Краем глаза вижу, как наша староста, Алена, хохочет и плечом точно невзначай прижимается к своему соседу.

Ах да. Алена же сбежала от Кати.

– Думаешь, я с тобой надолго? – Я костяшками пальцев тихонько стучу по столешнице.

Катя пожимает плечами, которые из-за белой рубашки с рукавами-фонариками выглядят гораздо шире, чем есть на самом деле.

– Не знаю. Алена вряд ли вернется ко мне в ближайшее время…

– А пересадкой и не пахнет?

– Вчера на классном часе нам разрешили сидеть так, как сидим сейчас.

Окидываю кабинет взглядом, чтобы понять – почти все на своих прежних местах.

– Если хочешь вернуться за парту к Марку, то можешь поговорить с Артемом. Я не против сидеть и с ним, – не слишком весело говорит Катя.
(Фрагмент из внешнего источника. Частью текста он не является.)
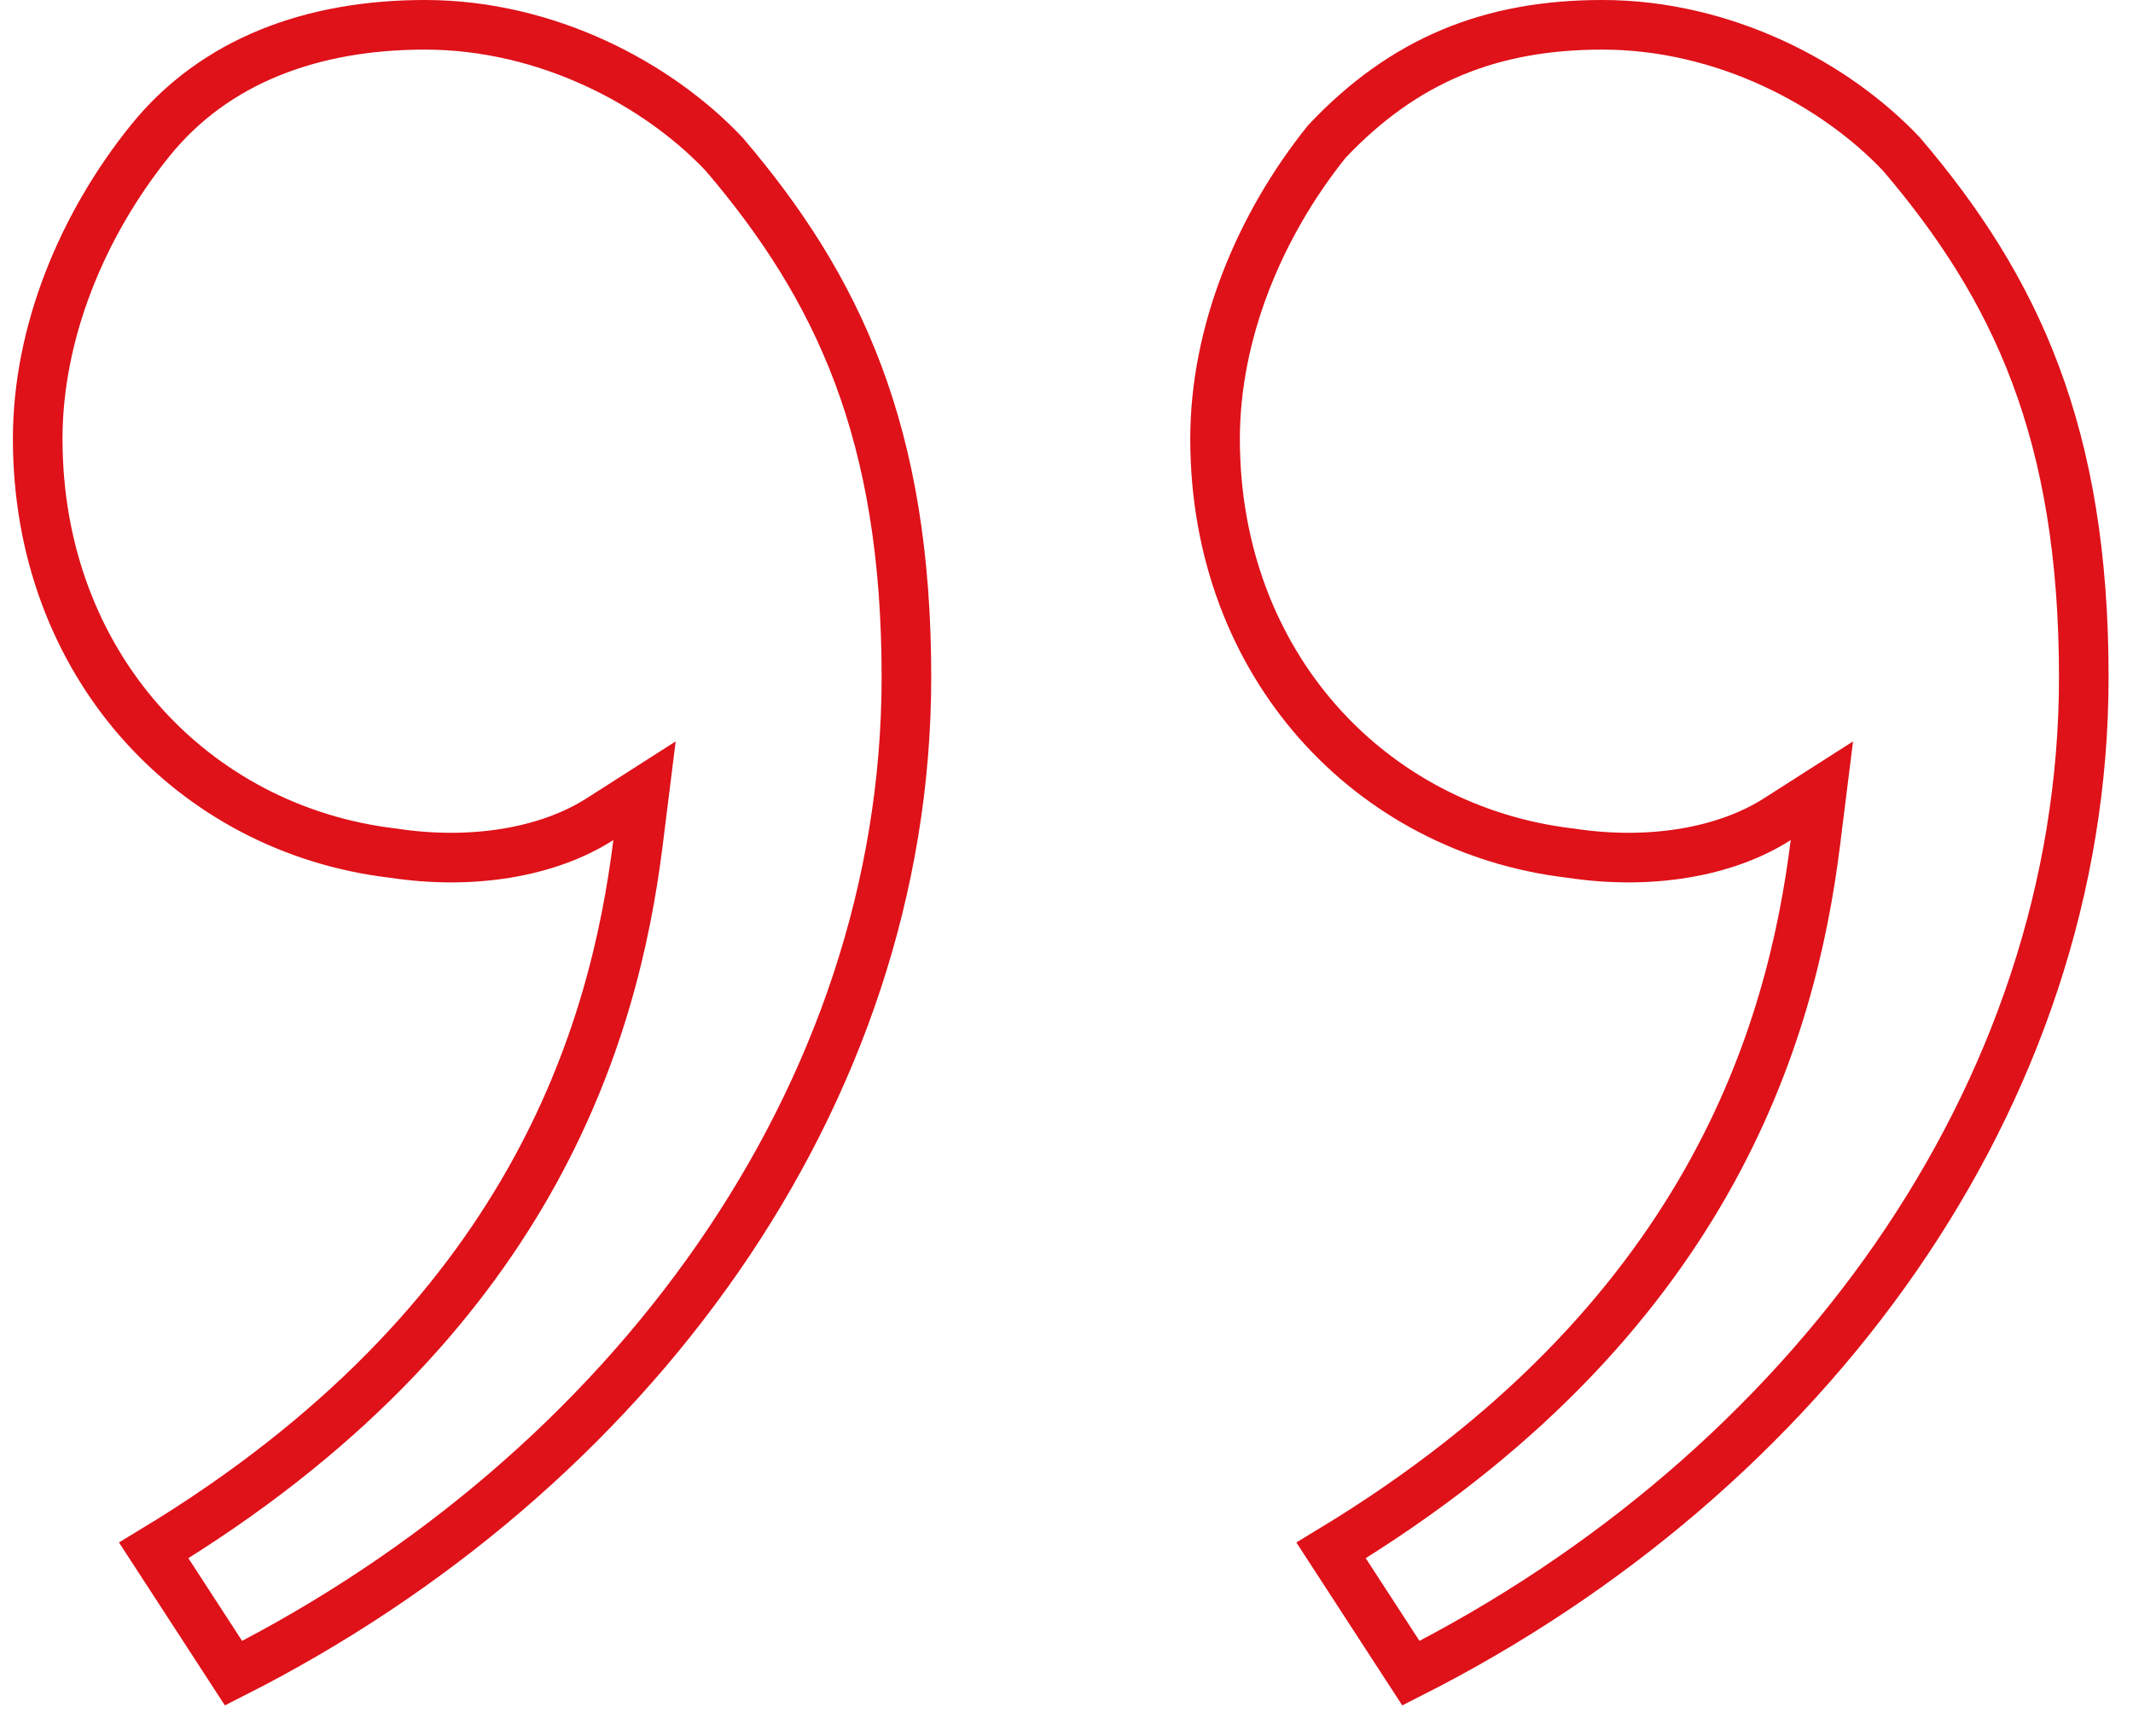 <svg width="43" height="35" viewBox="0 0 43 35" fill="none" xmlns="http://www.w3.org/2000/svg">
<path d="M28.443 33.736L26.834 31.26C34.45 26.651 36.116 20.828 36.596 17L36.728 15.943L35.83 16.517C34.772 17.193 33.241 17.442 31.665 17.202L31.657 17.201L31.649 17.2C27.631 16.724 24.495 13.402 24.495 8.848C24.495 6.713 25.386 4.552 26.746 2.856C28.304 1.203 30.064 0.5 32.302 0.5C34.753 0.5 36.995 1.689 38.338 3.114C40.632 5.806 42.008 8.724 42.008 13.652C42.008 22.127 36.41 29.702 28.443 33.736ZM4.708 33.736L3.099 31.26C10.714 26.651 12.381 20.828 12.861 17L12.993 15.943L12.095 16.517C11.037 17.193 9.506 17.442 7.93 17.202L7.922 17.201L7.914 17.2C3.897 16.724 0.76 13.402 0.76 8.848C0.76 6.707 1.656 4.539 3.023 2.841C4.326 1.222 6.298 0.5 8.567 0.5C11.018 0.5 13.26 1.689 14.603 3.114C16.897 5.806 18.273 8.724 18.273 13.652C18.273 22.127 12.675 29.702 4.708 33.736Z" stroke="#DF1119"/>
</svg>

Наверняка она заметила мое помрачневшее лицо и взгляд, что лениво ползает от парты к парте и застывает на Вадиме. Он, как обычно, в первом ряду прямо напротив доски. Мне почти жаль беднягу – историчка, брызжа слюной, пытается доказать свою правоту и то и дело стучит рукой по парте. Тема спора сместилась с причесок на место женщины в обществе, и теперь вся эта перепалка точно надолго.

– Дарьян? Ну так что, ты пересядешь от меня?

Катя неплохая девчонка. Хорошо учится, тихая, спокойная. Но я привыкла сидеть с братом, и ситуация в гильдии лишь обостряет мою тоску и переживания. Украдкой оборачиваюсь, чтобы глянуть на Марка, и в этот момент наши взоры сталкиваются. И Марк, и Артем резко опускают головы, что ощущается как удар в спину.

Почему они так отреагировали? Неужели говорили обо мне? Неужели Марк…

– Дарьяна? – Катя касается моего плеча. – Ты как?

В ушах гудит, а перед глазами ползет густой туман.

«Они тебя ненавидят», – шипит змеиный голос, и я ему слепо верю.

К горлу подкатывает тошнота, и мне, хоть и сижу у распахнутого окна, вдруг перестает хватать воздуха.

– Можно выйти? – Моя рука взмывает вверх. Жду кивка учительницы и выметаюсь в коридор.

Слышу, как историчка остроумно шутит о том, что я только что пришла, а уже бегу в туалет, но никто, к счастью, не смеется. Я действительно направляюсь к уборным, но в женский туалет не попасть – техничка как раз моет пол. Торопливо шагаю в противоположное крыло к мужскому туалету, где никого нет.

Какая разница, что за картинка на двери? Мне просто нужно умыться.

Залетаю в первую комнатку с раковинами. От помещения с кабинками она отделена закрытой дверью, за которую даже не заглядываю. Мне нужна только раковина.

Над ней висит зеркало без рамки. С гладкой поверхности на меня смотрит испуганная девушка. Хочу смыть это выражение лица и, не глядя, касаюсь крана. И вдруг понимаю, что мои пальцы становятся странно влажными… Липкими.

Опускаю глаза, и в горле застывает крик. Мои пальцы в чужой крови. В ней же испачканы кран и раковина.

«Мерзость!» – вопит тревога, и я кидаюсь ко второй раковине, подставляю дрожащие руки под воду и судорожно тру их, пока воображение рисует тошнотворные картинки. Алая жидкость впитывается в кожу, въедается в поры, и чужая, возможно, чем-то зараженная кровь растекается по моим венам.

«Это глупость! Это невозможно!» – пытаюсь убедить себя я, но голос тревоги всегда громче.

«Оттирай! Три! Быстрее! Ты ведь не хочешь умереть от невидимой заразы, как это случилось с ним

Из груди вырывается всхлип. Пальцы болят от холодной воды и того, как сильно я их тру. А перед глазами гуляют красные пятна – кровь алеет на белой эмали раковины, рубинами блестит на серебряном кране.

Поднимаю чистые руки перед лицом. На них – ни единого пятнышка, но безумие внутри меня не умолкает: «Еще! Еще!»